■ EXERCISE AIM:
A faithful copy of the data is the goal; set it down exactly, without the images.

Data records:
╔══

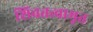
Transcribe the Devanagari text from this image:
शिवतत्वामृत
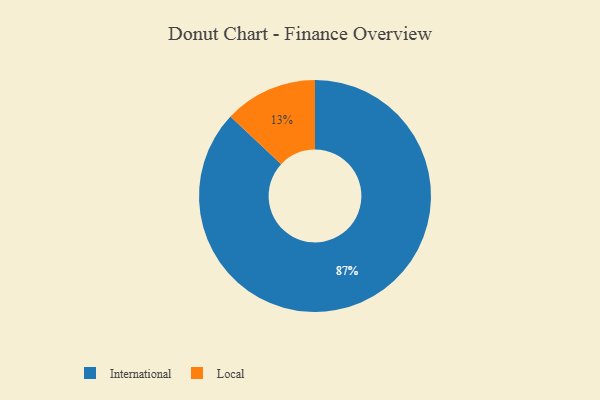
{"axis": {"x": "Category", "y": "Percentage"}, "legend": ["International", "Local"], "data": [{"x": "Local", "y": 13, "type": "Local"}, {"x": "International", "y": 87, "type": "International"}]}
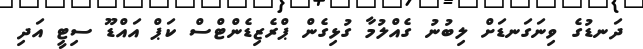
ދަނޑުގެ ވިނަގަނޑަށް ލިބުނު ގެއްލުމާ ގުޅިގެން ޕްރެޒިޑެންޓްސް ކަޕް އައްޑޫ ސިޓީ އަދި
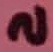
Text: 2
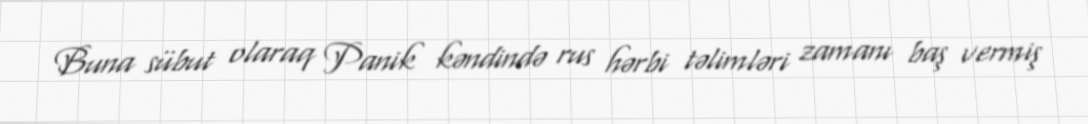
Buna sübut olaraq Panik kəndində rus hərbi təlimləri zamanı baş vermiş
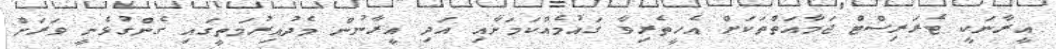
އީރާނަކީ ޓެރަރިސްޓް ޖަމާއަތްތަކަށް އެހީތެރިވާ ގައުމެއްކަމަށާއި އަދި އީރާނުން މެދުއިރުމަތީގައި ގެންގުޅެނީ ވަރަށް
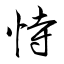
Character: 恃
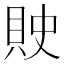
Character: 𰶽
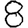
Digit: 8
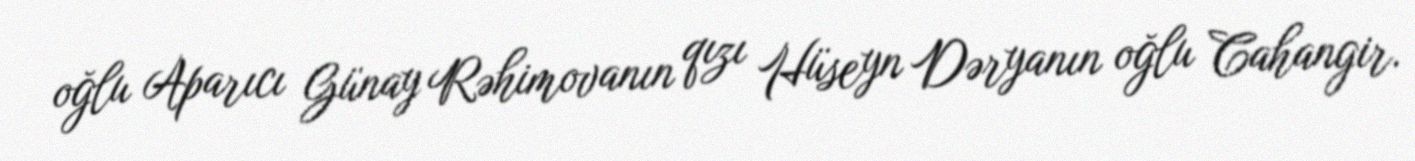
oğlu Aparıcı Günay Rəhimovanın qızı Hüseyn Dəryanın oğlu Cahangir.
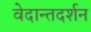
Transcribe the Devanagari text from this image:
वेदान्तदर्शन
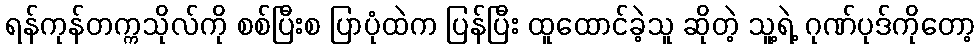
ရန်ကုန်တက္ကသိုလ်ကို စစ်ပြီးစ ပြာပုံထဲက ပြန်ပြီး ထူထောင်ခဲ့သူ ဆိုတဲ့ သူ့ရဲ့ ဂုဏ်ပုဒ်ကိုတော့
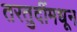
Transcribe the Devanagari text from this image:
तरतुदींमधून
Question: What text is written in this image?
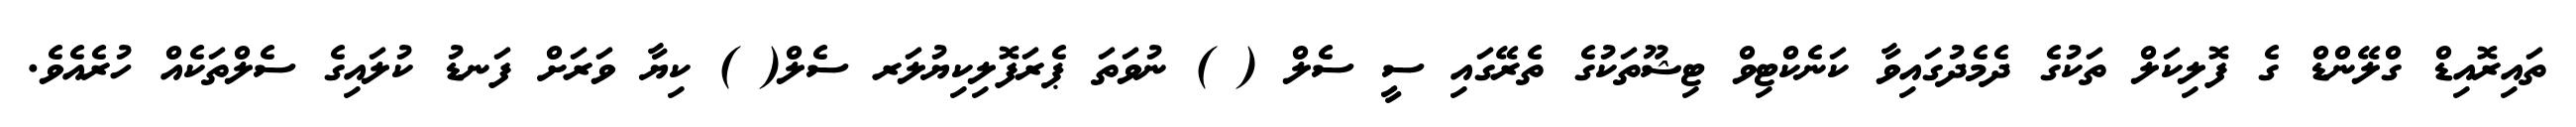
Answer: ތައިރޮއިޑް ގްލޭންޑް ގެ ފޮލިކަލް ތަކުގެ ދެމެދުގައިވާ ކަނެކްޓިވް ޓިޝޫތަކުގެ ތެރޭގައި ސީ ސެލް ( ) ނުވަތަ ޕެރަފޮލިކިޔުލަރ ސެލް( ) ކިޔާ ވަރަށް ފަނޑު ކުލައިގެ ސެލްތަކެއް ހުރެއެވެ.
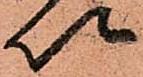
以
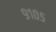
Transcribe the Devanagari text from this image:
९१०५
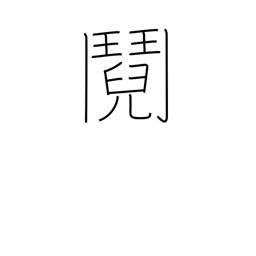
Meaning: quarrel
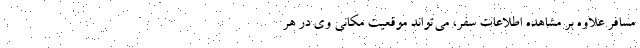
مسافر علاوه بر مشاهده اطلاعات سفر، می‌تواند موقعیت مکانی وی در هر
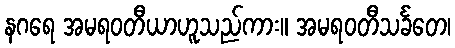
နဂရေ အမရဝတီယာဟူသည်ကား။ အမရဝတီသင်္ခတေ၊
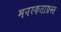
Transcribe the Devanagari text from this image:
मनस्कताग्रस्त
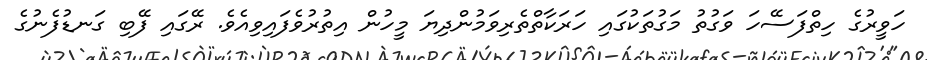
ހަވީރުގެ ހިތްފަސޭހަ ވަގުތު މަގުތަކުގައި ހަރަކާތްތެރިވަމުންދިޔަ މީހުން އިތުރުވެފައިވިއެވެ. ރޭގައި ފޭބި ގަނޑުފެނުގެ
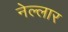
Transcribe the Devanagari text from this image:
नेल्‍लार
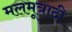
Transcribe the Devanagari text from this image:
मलमूत्रादी
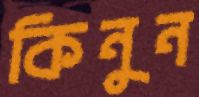
কিনুন
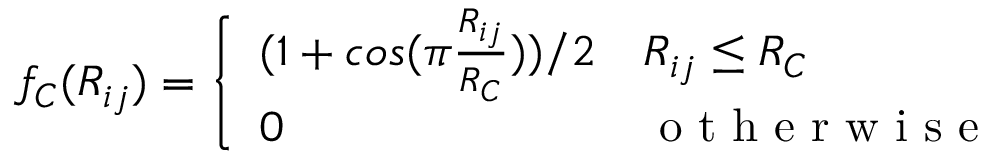
f _ { C } ( R _ { i j } ) = \left\{ \begin{array} { l l } { ( 1 + c o s ( \pi \frac { R _ { i j } } { R _ { C } } ) ) / 2 } & { R _ { i j } \le R _ { C } } \\ { 0 } & { \mathrm { ~ o ~ t ~ h ~ e ~ r ~ w ~ i ~ s ~ e ~ } } \end{array} \right.
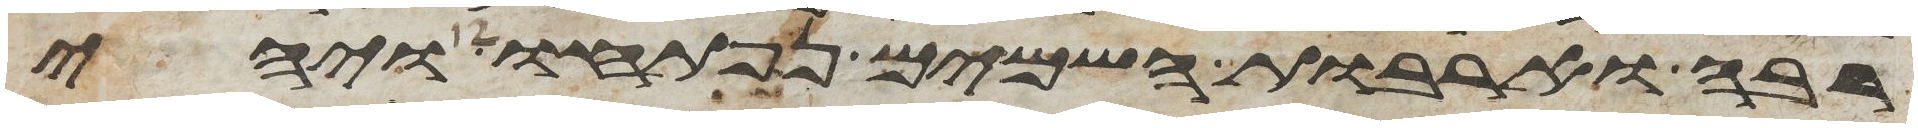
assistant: רבה וארבות השמים נפתחו ויהי
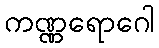
ကဏ္ဏရောဂေါ
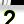
Digit: 2
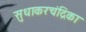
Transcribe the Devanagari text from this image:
सुधाकरचंद्रिका
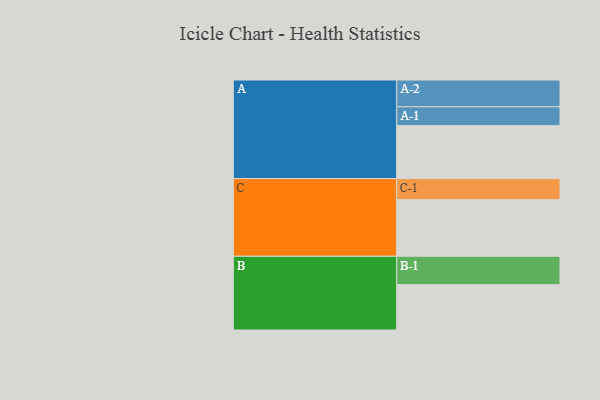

╚══

■ EXERCISE ANSWER:
Transcribe the Devanagari text from this image:
शिवतत्वामृत
{"axis": {"x": "Category", "y": "Percentage"}, "legend": ["International", "Local"], "data": [{"x": "Local", "y": 13, "type": "Local"}, {"x": "International", "y": 87, "type": "International"}]}
ދަނޑުގެ ވިނަގަނޑަށް ލިބުނު ގެއްލުމާ ގުޅިގެން ޕްރެޒިޑެންޓްސް ކަޕް އައްޑޫ ސިޓީ އަދި
Text: 2
Buna sübut olaraq Panik kəndində rus hərbi təlimləri zamanı baş vermiş
އީރާނަކީ ޓެރަރިސްޓް ޖަމާއަތްތަކަށް އެހީތެރިވާ ގައުމެއްކަމަށާއި އަދި އީރާނުން މެދުއިރުމަތީގައި ގެންގުޅެނީ ވަރަށް
Character: 恃
Character: 𰶽
Digit: 8
oğlu Aparıcı Günay Rəhimovanın qızı Hüseyn Dəryanın oğlu Cahangir.
Transcribe the Devanagari text from this image:
वेदान्तदर्शन
ရန်ကုန်တက္ကသိုလ်ကို စစ်ပြီးစ ပြာပုံထဲက ပြန်ပြီး ထူထောင်ခဲ့သူ ဆိုတဲ့ သူ့ရဲ့ ဂုဏ်ပုဒ်ကိုတော့
Transcribe the Devanagari text from this image:
तरतुदींमधून
Question: What text is written in this image?
Answer: ތައިރޮއިޑް ގްލޭންޑް ގެ ފޮލިކަލް ތަކުގެ ދެމެދުގައިވާ ކަނެކްޓިވް ޓިޝޫތަކުގެ ތެރޭގައި ސީ ސެލް ( ) ނުވަތަ ޕެރަފޮލިކިޔުލަރ ސެލް( ) ކިޔާ ވަރަށް ފަނޑު ކުލައިގެ ސެލްތަކެއް ހުރެއެވެ.
以
Transcribe the Devanagari text from this image:
९१०५
Meaning: quarrel
مسافر علاوه بر مشاهده اطلاعات سفر، می‌تواند موقعیت مکانی وی در هر
နဂရေ အမရဝတီယာဟူသည်ကား။ အမရဝတီသင်္ခတေ၊
Transcribe the Devanagari text from this image:
मनस्कताग्रस्त
ހަވީރުގެ ހިތްފަސޭހަ ވަގުތު މަގުތަކުގައި ހަރަކާތްތެރިވަމުންދިޔަ މީހުން އިތުރުވެފައިވިއެވެ. ރޭގައި ފޭބި ގަނޑުފެނުގެ
Transcribe the Devanagari text from this image:
नेल्‍लार
Transcribe the Devanagari text from this image:
मलमूत्रादी
কিনুন
f _ { C } ( R _ { i j } ) = \left\{ \begin{array} { l l } { ( 1 + c o s ( \pi \frac { R _ { i j } } { R _ { C } } ) ) / 2 } & { R _ { i j } \le R _ { C } } \\ { 0 } & { \mathrm { ~ o ~ t ~ h ~ e ~ r ~ w ~ i ~ s ~ e ~ } } \end{array} \right.
assistant: רבה וארבות השמים נפתחו ויהי
ကဏ္ဏရောဂေါ
Digit: 2
Transcribe the Devanagari text from this image:
सुधाकरचंद्रिका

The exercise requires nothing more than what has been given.